> _What is expected_: The first line of the entries and each line after it, through the one that contains "-23 73 -85 114", are to be duplicated exactly; no picture belongs in the copy.

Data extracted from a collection
+++
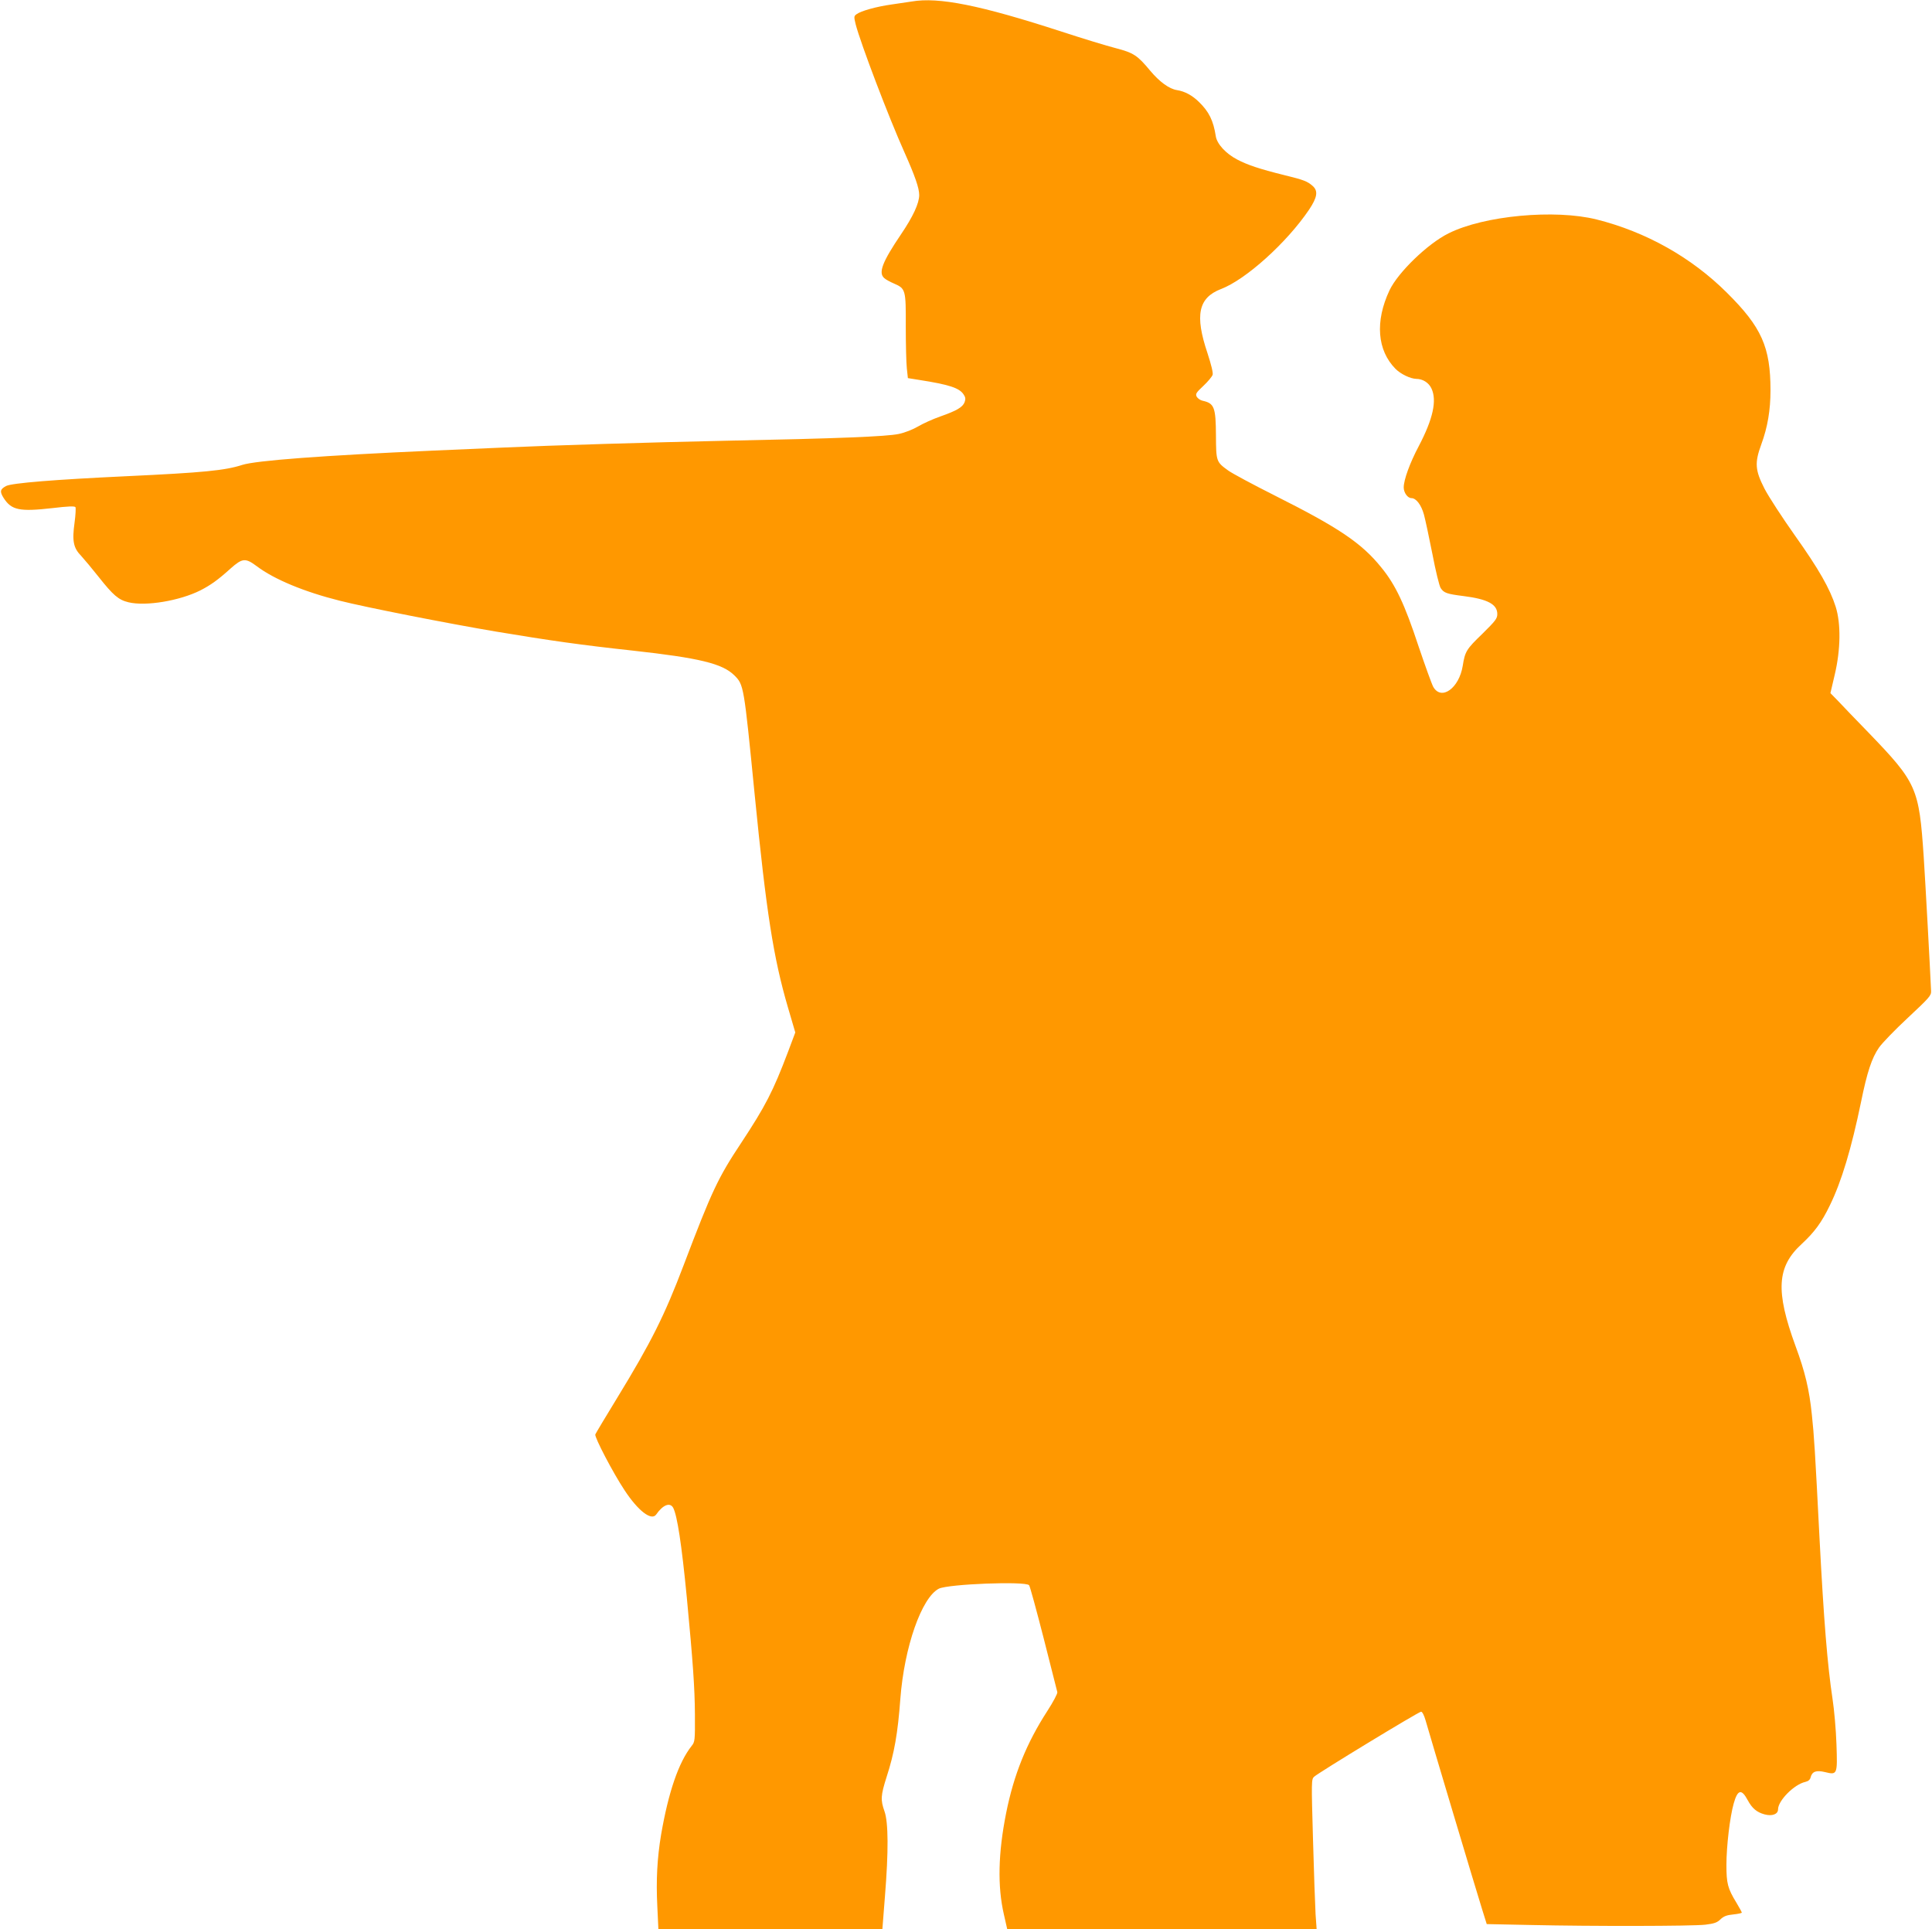<?xml version="1.0" standalone="no"?>
<!DOCTYPE svg PUBLIC "-//W3C//DTD SVG 20010904//EN"
 "http://www.w3.org/TR/2001/REC-SVG-20010904/DTD/svg10.dtd">
<svg version="1.0" xmlns="http://www.w3.org/2000/svg"
 width="1280pt" height="1278pt" viewBox="0 0 1280 1278"
 preserveAspectRatio="xMidYMid meet">
<g transform="translate(0,1278) scale(0.1,-0.1)"
fill="#ff9800" stroke="none">
<path d="M6040 12770 c-25 -4 -85 -13 -135 -20 -99 -14 -200 -42 -230 -64 -18
-13 -18 -17 -6 -67 33 -127 218 -614 324 -850 69 -155 97 -235 97 -281 0 -55
-41 -143 -121 -261 -123 -182 -151 -254 -111 -289 9 -9 38 -25 64 -36 78 -34
80 -40 79 -284 0 -117 3 -242 7 -278 l7 -65 75 -12 c198 -31 266 -53 294 -96
13 -19 14 -30 7 -51 -13 -34 -53 -57 -161 -95 -49 -17 -115 -47 -147 -66 -34
-20 -89 -42 -129 -50 -80 -17 -397 -30 -1149 -45 -475 -10 -1170 -31 -1470
-45 -66 -3 -273 -12 -460 -20 -744 -33 -1179 -66 -1270 -95 -114 -37 -257 -51
-770 -75 -468 -22 -758 -45 -795 -65 -39 -21 -43 -36 -16 -79 52 -81 105 -92
325 -67 100 12 146 14 151 6 3 -5 1 -51 -6 -102 -17 -122 -8 -168 44 -221 21
-23 73 -85 114 -137 98 -124 133 -154 199 -170 115 -28 340 10 477 79 68 35
116 69 200 145 78 69 98 71 173 15 115 -87 315 -170 551 -229 169 -43 718
-151 1033 -204 360 -60 564 -89 905 -126 444 -49 596 -86 675 -164 63 -63 63
-63 135 -791 77 -778 124 -1080 220 -1408 l49 -167 -48 -128 c-100 -264 -150
-360 -310 -603 -154 -232 -194 -317 -381 -809 -127 -335 -215 -511 -441 -881
-76 -124 -141 -233 -145 -242 -6 -18 117 -254 194 -370 90 -137 178 -204 209
-161 45 65 92 83 113 45 27 -52 56 -242 90 -591 41 -433 53 -601 54 -777 1
-174 0 -183 -22 -210 -86 -109 -153 -304 -202 -587 -26 -156 -34 -301 -25
-478 l7 -148 742 0 742 0 17 217 c24 297 23 490 -3 563 -27 76 -25 105 14 228
51 157 74 288 91 517 26 344 141 671 255 730 61 31 575 51 598 23 6 -7 49
-166 97 -353 47 -187 88 -347 90 -355 3 -8 -27 -65 -66 -125 -139 -215 -222
-422 -273 -676 -53 -266 -58 -485 -15 -672 l22 -97 1025 0 1025 0 -7 98 c-3
53 -11 276 -17 495 -11 386 -11 399 7 416 29 27 693 431 709 431 8 0 20 -23
30 -58 22 -79 338 -1136 375 -1253 l30 -96 292 -6 c404 -9 1068 -8 1156 2 59
7 79 14 101 36 21 20 42 28 85 32 31 3 56 9 56 12 0 3 -16 33 -36 66 -58 95
-66 128 -66 250 0 123 23 318 48 406 26 94 52 100 93 23 29 -54 60 -80 111
-94 51 -14 90 1 90 33 0 58 107 166 181 182 20 5 31 14 35 31 10 38 37 48 95
34 82 -20 83 -17 76 185 -3 93 -15 229 -26 300 -34 225 -58 523 -86 1060 -30
588 -36 682 -51 823 -17 166 -45 284 -108 454 -134 366 -124 526 41 677 85 79
132 143 186 255 78 159 143 377 207 686 40 197 71 291 119 360 21 30 107 119
192 198 139 130 154 146 153 175 -7 159 -37 708 -49 892 -31 457 -45 489 -369
825 -83 85 -172 178 -199 207 l-50 51 29 124 c39 166 41 336 6 448 -38 120
-112 250 -272 475 -82 116 -172 254 -200 308 -62 122 -66 170 -21 293 42 114
61 228 61 358 0 287 -59 419 -289 647 -235 234 -536 403 -863 485 -276 69
-746 26 -981 -92 -138 -68 -335 -259 -391 -377 -97 -206 -82 -398 40 -521 35
-35 99 -65 137 -66 43 0 83 -25 101 -64 37 -79 10 -202 -84 -381 -59 -111
-100 -224 -100 -274 0 -35 26 -71 51 -71 31 0 65 -44 83 -109 9 -33 34 -150
56 -261 21 -111 46 -213 55 -226 21 -32 40 -39 152 -53 158 -20 223 -54 223
-119 0 -30 -12 -45 -99 -131 -106 -102 -115 -117 -130 -212 -24 -148 -141
-233 -195 -140 -10 18 -54 140 -98 270 -92 279 -152 406 -246 521 -131 163
-284 265 -708 478 -143 72 -281 146 -307 165 -79 57 -80 60 -81 231 -1 188
-11 214 -88 231 -15 3 -32 15 -39 26 -10 19 -5 27 44 73 30 28 57 61 61 73 4
13 -9 66 -34 143 -85 252 -61 367 89 425 164 62 436 307 584 526 54 81 61 123
25 156 -36 32 -59 41 -190 73 -165 41 -242 67 -311 103 -75 39 -134 103 -142
154 -16 104 -45 163 -112 228 -45 44 -94 70 -145 78 -52 8 -116 55 -178 129
-84 101 -109 118 -228 149 -59 15 -219 64 -357 109 -541 176 -816 231 -995
200z"/>
</g>
</svg>
+++
> _Answer to this task_:
<?xml version="1.0" standalone="no"?>
<!DOCTYPE svg PUBLIC "-//W3C//DTD SVG 20010904//EN"
 "http://www.w3.org/TR/2001/REC-SVG-20010904/DTD/svg10.dtd">
<svg version="1.0" xmlns="http://www.w3.org/2000/svg"
 width="1280pt" height="1278pt" viewBox="0 0 1280 1278"
 preserveAspectRatio="xMidYMid meet">
<g transform="translate(0,1278) scale(0.1,-0.1)"
fill="#ff9800" stroke="none">
<path d="M6040 12770 c-25 -4 -85 -13 -135 -20 -99 -14 -200 -42 -230 -64 -18
-13 -18 -17 -6 -67 33 -127 218 -614 324 -850 69 -155 97 -235 97 -281 0 -55
-41 -143 -121 -261 -123 -182 -151 -254 -111 -289 9 -9 38 -25 64 -36 78 -34
80 -40 79 -284 0 -117 3 -242 7 -278 l7 -65 75 -12 c198 -31 266 -53 294 -96
13 -19 14 -30 7 -51 -13 -34 -53 -57 -161 -95 -49 -17 -115 -47 -147 -66 -34
-20 -89 -42 -129 -50 -80 -17 -397 -30 -1149 -45 -475 -10 -1170 -31 -1470
-45 -66 -3 -273 -12 -460 -20 -744 -33 -1179 -66 -1270 -95 -114 -37 -257 -51
-770 -75 -468 -22 -758 -45 -795 -65 -39 -21 -43 -36 -16 -79 52 -81 105 -92
325 -67 100 12 146 14 151 6 3 -5 1 -51 -6 -102 -17 -122 -8 -168 44 -221 21
-23 73 -85 114 -137 98 -124 133 -154 199 -170 115 -28 340 10 477 79 68 35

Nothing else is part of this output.